Every senior manager makes a critical decision every day of his or her working life. Mostly, the decision is unconscious, but is no less vital for that. The issue is simply stated with three questions…

  • What work do I reserve for myself?
  • What work do I delegate to other people?
  • How do I control their performance?

Two friends provide a most remarkable case study of two totally contrasting sets of answers – the world's two richest men, Bill Gates and Warren Buffett. The software czar has kept his fingers in every pie and has ruled the actions of his delegates by constant and fierce interrogations – which have often reversed their decisions. The great investor (some of whose other ideas were discussed here last month) reserves only two functions for himself: allocating Berkshire Hathaway's capital (which he loves to do) and helping 15 or 20 senior managers to 'keep a group of people enthused about what they do when they have no financial need whatsoever to do it'.


The wholly owned companies managed by these people hold assets worth twice as much as Buffett's marvellous stock portfolio – in which seven major holdings from Coca-Cola to the Washington Post are dominant. The seven cost $4.4 billion: they were worth, at end-1998, $32.1 billion, out of a total share portfolio of £37.3 billion. The wholly owned assets, however, come to $80 billion, and the companies concerned employ 47,566 people, which is 60% more than Microsoft's roster.

In one sense, Buffett makes no distinction between the two types of investment. Whether you are buying all of a company, or just a fraction, you should, he believes, be vitally concerned with the same criteria:

1. Is the company simple and understandable?
2. Does it have a consistent operating history?
3. Does it have favourable, and predictable, long- term prospects?
4. Is the management competent and honest?
5. Is the underlying business undervalued?

The need for predictability and understanding rules out companies like Microsoft. Buffett doesn't understand the technology and has no intention of learning how. And Gates, even before he nearly missed the Internet boat, saw clearly that the technology has a mind of its own. His own titanic success, however, has been built on controlling the technology. By making MS-DOS and Windows the universal, all but inescapable entry into personal computing, Gates created a degree of market control that, until the Internet arrived, gave Microsoft's business a very high degree of predictability (and profit).

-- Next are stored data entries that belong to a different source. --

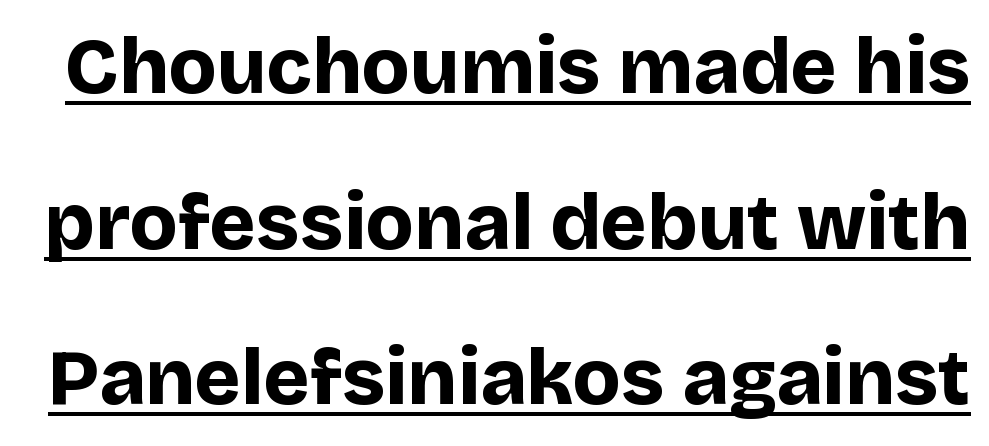
The image shows 79 px bold sans-serif type, upright; set loose line spacing (1.97x), normal letter spacing, underlined; low stroke contrast and a large x-height.
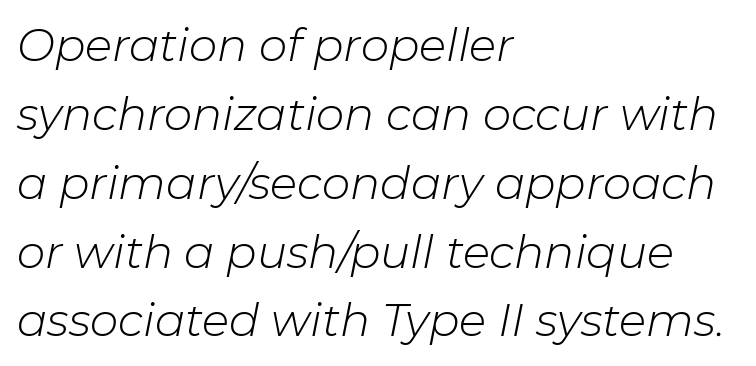
The image shows 45 px light type, italic (leaning right); set left-aligned, normal line spacing (1.53x), normal letter spacing, not underlined; low stroke contrast and a medium x-height.
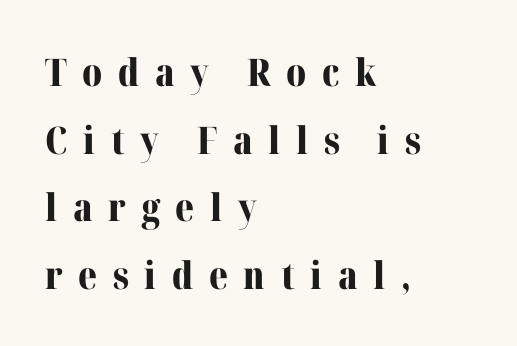
Q: Is the text bold? A: Yes.
Q: Is the text italic (slanted)? A: No, it is upright.
Q: Is the typeface a serif or a sans-serif typeface? A: Serif.
Q: Is the text underlined? A: No.
Q: How is the paragraph aligned? A: Left-aligned.
Q: Is the spacing between letters normal or unusually wide? A: Unusually wide.
Q: Width (condensed, normal, or wide)? A: Normal.
Q: Stroke contrast? A: Medium.
Q: x-height? A: Medium.
Q: Monospaced? A: No.
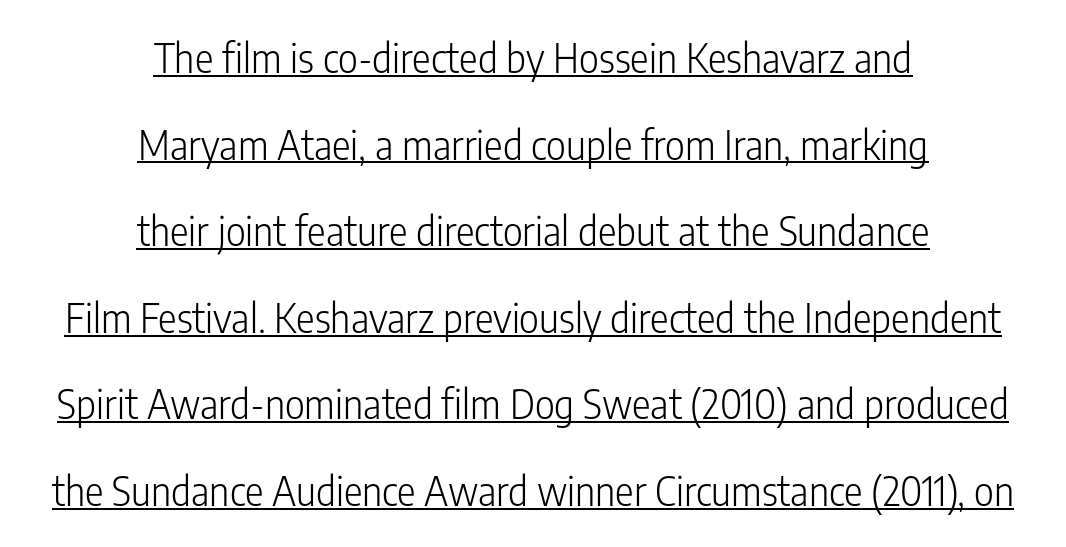
The image shows 39 px light, condensed sans-serif type, upright; set centered, loose line spacing (2.22x), normal letter spacing, underlined; low stroke contrast and a medium x-height.
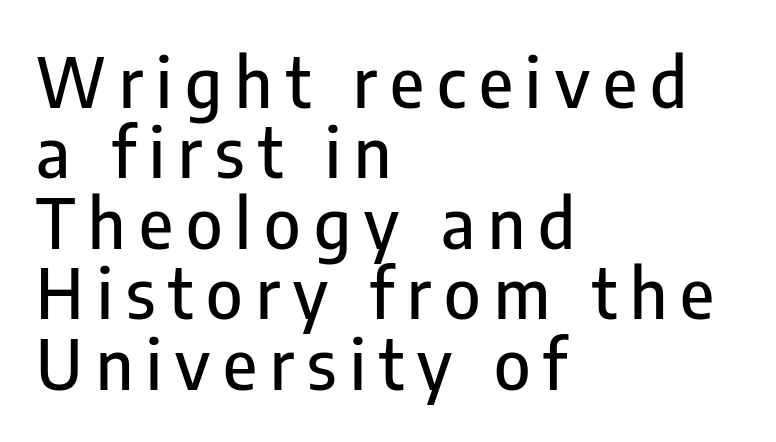
Q: Is the text italic (slanted)? A: No, it is upright.
Q: Is the typeface a serif or a sans-serif typeface? A: Sans-serif.
Q: Is the text underlined? A: No.
Q: How is the paragraph aligned? A: Left-aligned.
Q: Is the spacing between lines tight, normal or loose? A: Tight.
Q: Width (condensed, normal, or wide)? A: Condensed.
Q: Stroke contrast? A: Low.
Q: x-height? A: Medium.
Q: Monospaced? A: No.
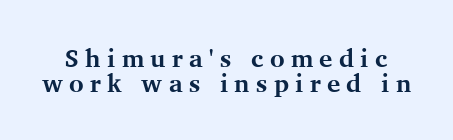
{"italic": "no", "bold": "yes", "underline": "no", "line_spacing": "tight", "line_spacing_ratio": 1.0, "letter_spacing": "wide", "letter_spacing_em": 0.25, "glyph_px": 25}
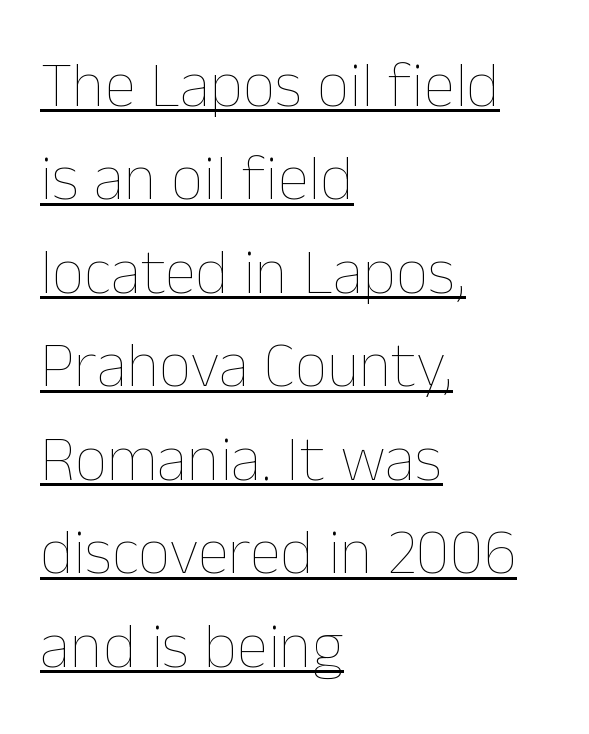
Posture: vertical. Caption: face not bold, strokes unweighted. If you measured baseline to baseline, you'd find a middling distance. Does a line run under the words? Yes, clearly. Between one letter and the next there's only the usual sliver of space. Varying glyph widths throughout — classic text-font behaviour.
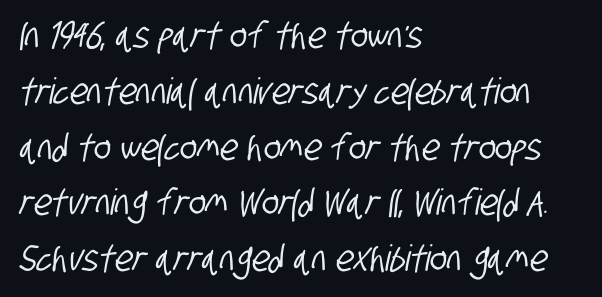
Line beginnings align vertically; line endings do not. The line texture is even and compact thanks to regular tracking. The line-height multiplier appears to be the usual default. The letters carry no serifs — their stems end cleanly without finishing strokes. Think of a printed novel: that variable character pitch is what you see here.
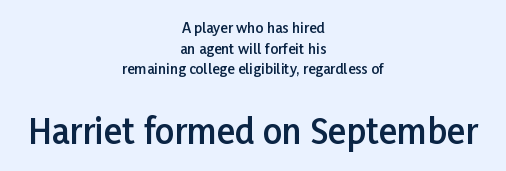
Spacing between characters is what you'd get straight out of the box. The rag falls on both sides of this text block equally. Compared with an ordinary text face, these strokes are moderately heavier — a semibold. Nothing sits at the stroke ends, so this counts as sans-serif. The lines sit at an ordinary, default distance from one another.
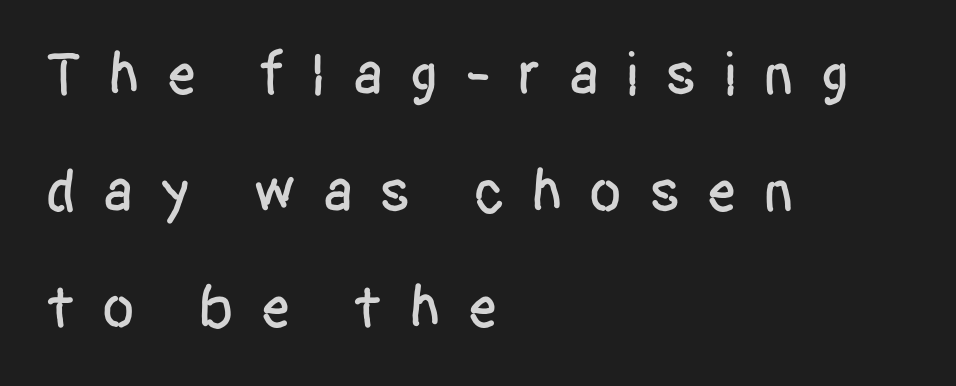
I'd call this a sans setting — the letters go barefoot. The passage shown is not underscored anywhere. This is the regular roman posture of the typeface. Observe the wide spacing: letters keep a clear distance from each other.
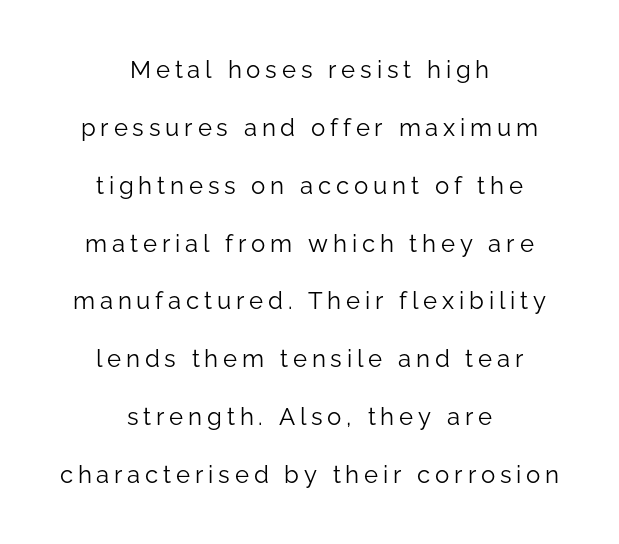
{"italic": "no", "bold": "no", "underline": "no", "align": "center", "line_spacing": "loose", "line_spacing_ratio": 2.41, "letter_spacing": "wide", "letter_spacing_em": 0.2, "glyph_px": 24}
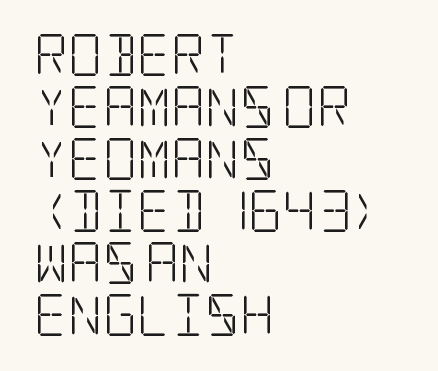
Q: Is the text bold? A: No.
Q: Is the text italic (slanted)? A: No, it is upright.
Q: Is the typeface a serif or a sans-serif typeface? A: Serif.
Q: Is the text underlined? A: No.
Q: How is the paragraph aligned? A: Left-aligned.
Q: Is the spacing between letters normal or unusually wide? A: Normal.
Q: Width (condensed, normal, or wide)? A: Condensed.
Q: Stroke contrast? A: Low.
Q: x-height? A: Large.
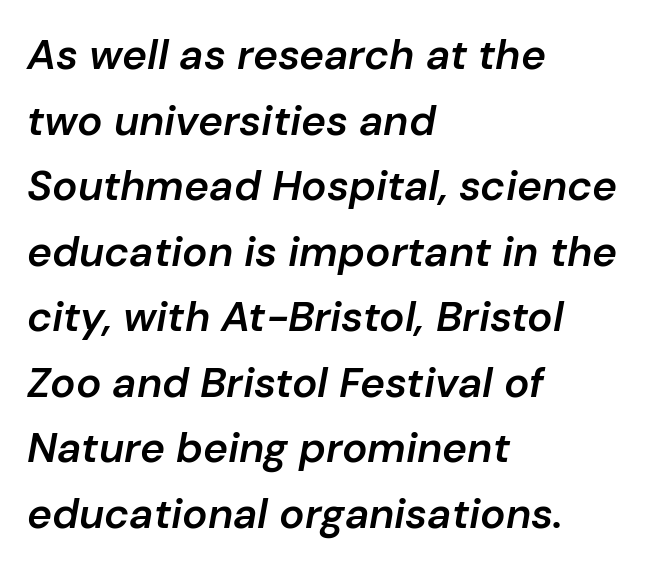
{"italic": "yes", "lean": "right", "slant_degrees": 10, "bold": "semi", "weight": "semibold", "width": "normal", "stroke_contrast": "low", "x_height": "medium", "monospaced": "no", "underline": "no", "align": "left", "line_spacing": "normal", "line_spacing_ratio": 1.56, "letter_spacing": "normal", "letter_spacing_em": 0.0, "glyph_px": 42}
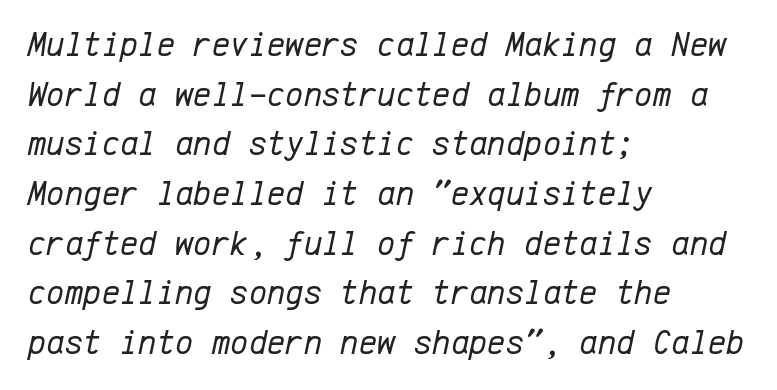
Just letters on the line, the space beneath them empty. Regular leading. You could call the tracking neutral — neither tight nor loose. The rag falls on the right side of this text block.
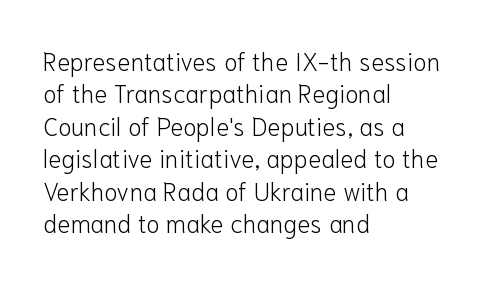
Q: Is the text bold? A: No.
Q: Is the text italic (slanted)? A: No, it is upright.
Q: Is the text underlined? A: No.
Q: How is the paragraph aligned? A: Left-aligned.
Q: Is the spacing between letters normal or unusually wide? A: Normal.
Q: Is the spacing between lines tight, normal or loose? A: Normal.
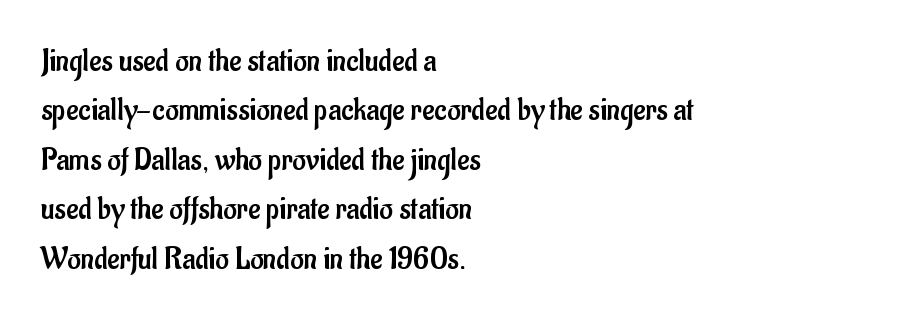
The gaps between neighbouring characters are ordinary and unremarkable. The vertical gap from one line to the next is medium. Ink coverage per letter is moderate at most. Is this a fixed-width face? No — the glyphs have proportional, varying widths.
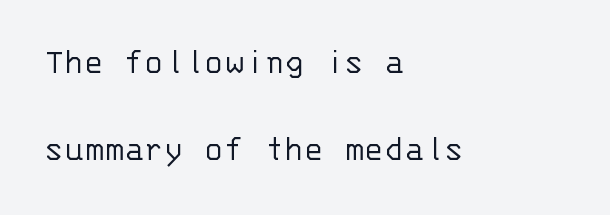
The image shows 37 px light sans-serif type, upright, monospaced; set left-aligned, loose line spacing (2.34x), normal letter spacing, not underlined; low stroke contrast and a large x-height.
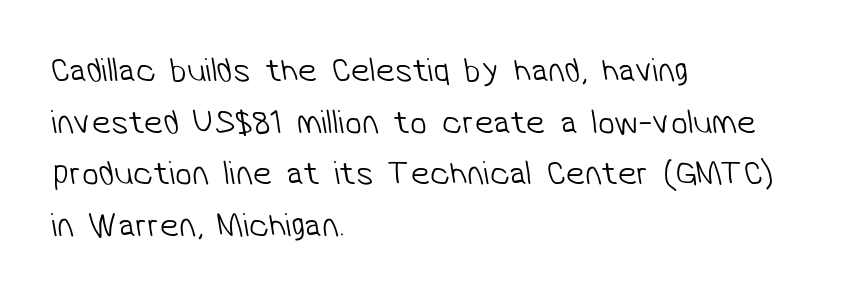
The image shows 34 px light sans-serif type; set left-aligned, normal line spacing (1.52x), normal letter spacing, not underlined; low stroke contrast and a medium x-height.
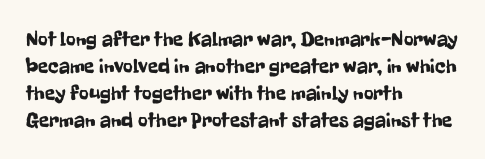
Q: Is the text italic (slanted)? A: No, it is upright.
Q: Is the text underlined? A: No.
Q: How is the paragraph aligned? A: Left-aligned.
Q: Is the spacing between letters normal or unusually wide? A: Normal.
Q: Is the spacing between lines tight, normal or loose? A: Normal.
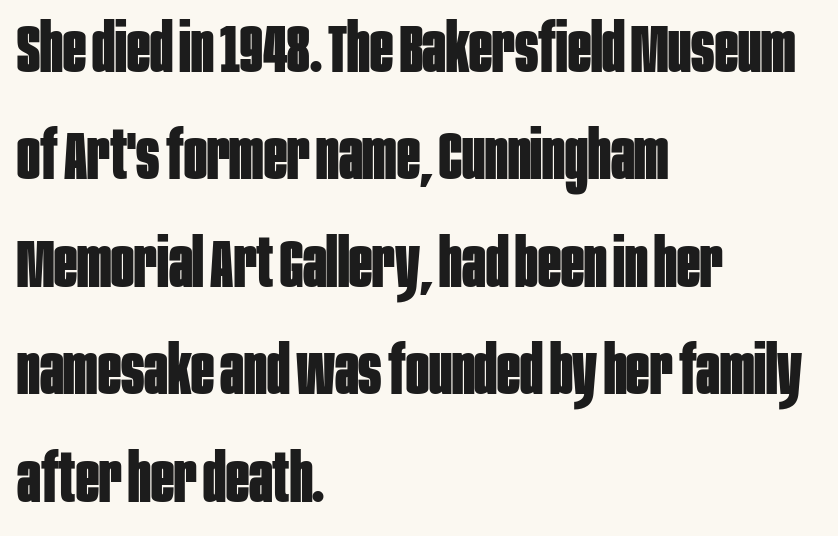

Control is basic to Gates's nature and his management practice. He has an obsession with detail and with checking up (he even used to sign expenses for his right-hand man, Steve Ballmer). The obsession is so well-known that few believed Gates's evidence in the Microsoft anti-trust trial. For astonishing example, when asked if he had ever read the complaint in the case, Gates said no. But did he know if the complaint made any allegations about a meeting between Microsoft and Netscape? Even though the latter's browsers were a huge threat to his business, his lame and incredible reply was: 'I think somebody said that that is in there'.

Thanks to the anti-trust case, the Internet and other developments, Microsoft's predictability has vanished. So, in theory, has the egocentric system by which the company was managed. Under the previous dispensation, groups (deliberately kept small) were continually formed and reformed to carry out specific tasks. Tight financial controls were applied, but the true organisational cement was Gates himself (backed up by Ballmer). As Business Week puts it, 'With decisions large and small funnelled to the top, the pair became a bottleneck. Worse, they undermined the confidence of managers below'.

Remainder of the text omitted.